Drag a button from the objects library and place it inside the View.

drag the object

Change the button’s title to Click me.

click me

We can create a reference to this button in the TTTViewController. In iOS terms, we call this as an outlet. An IBOutlet variable in the controller represents some UI element in the Interface Builder.

To create an outlet, select the Assistant Editor on the toolbar. Place your TTTViewController.Xib on one side and TTTViewController.h on the other side.

Now right click on the button and point to New Referencing Outlet in the dropdown and drag it to the .h file as shown below.

assistant editor

Give the variable a name in the popover and select connect.

name and connect

Now your interface file will have an IBOutlet variable auto generated as shown below.

#import <UIKit/UIKit.h>
@interface TTTViewController : UIViewController
@property (weak, nonatomic) IBOutlet UIButton *btnClickMe;

We can also specify the action that should be invoked on the touch of a button.

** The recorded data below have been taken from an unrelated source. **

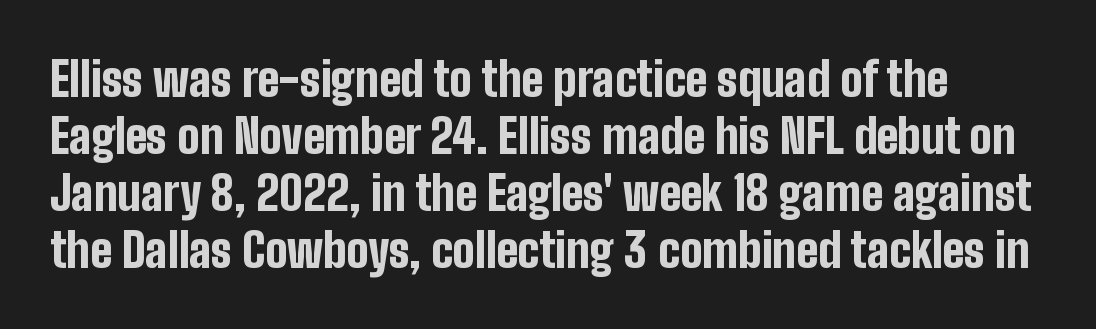
Q: Is the text bold? A: Yes.
Q: Is the text italic (slanted)? A: No, it is upright.
Q: Is the typeface a serif or a sans-serif typeface? A: Sans-serif.
Q: Is the text underlined? A: No.
Q: Is the spacing between letters normal or unusually wide? A: Normal.
Q: Width (condensed, normal, or wide)? A: Condensed.
Q: Stroke contrast? A: Low.
Q: x-height? A: Medium.
Q: Monospaced? A: No.

Right click on the button and select the circle and drag a connection from the Touch Up Inside event of the button to the controller file as shown below.

touch up inside

Enter the method name and select connect.


Now your interface file will change as shown below.

@interface TTTViewController : UIViewController
@property (weak, nonatomic) IBOutlet UIButton *btnClickMe;- (IBAction)btnClickAction:(id)sender;

Points to note:

  • IBAction means that this method will be invoked on some action in the View.
  • IBAction denotes a void return value.
  • sender argument in the method denotes the reference to the button that is clicked.
  • id is the generic data type for all Objective C classes.
  • An empty method definition will also be auto generated in the implementation file.
  • Thus, the View interacts with the Controller by setting the target action that should be invoked in the Controller when the user interacts with the View.

We will define the method in the implementation file as given below.

- (IBAction)btnClickAction:(id)sender {    
    UIAlertView *alertView = [[UIAlertView alloc] initWithTitle:@"Hi" message:@"Button clicked!!!" delegate:self cancelButtonTitle:@"OK" otherButtonTitles:nil];
    [alertView show];

Note the way an alert View is created. Select alt and click on UIAlertview to get more information on alert View.

Run the application in the simulator.



By the end of this article you should understand how XCode has simplified programming to a large extent.

We’ll explore some more interesting concepts in my future articles.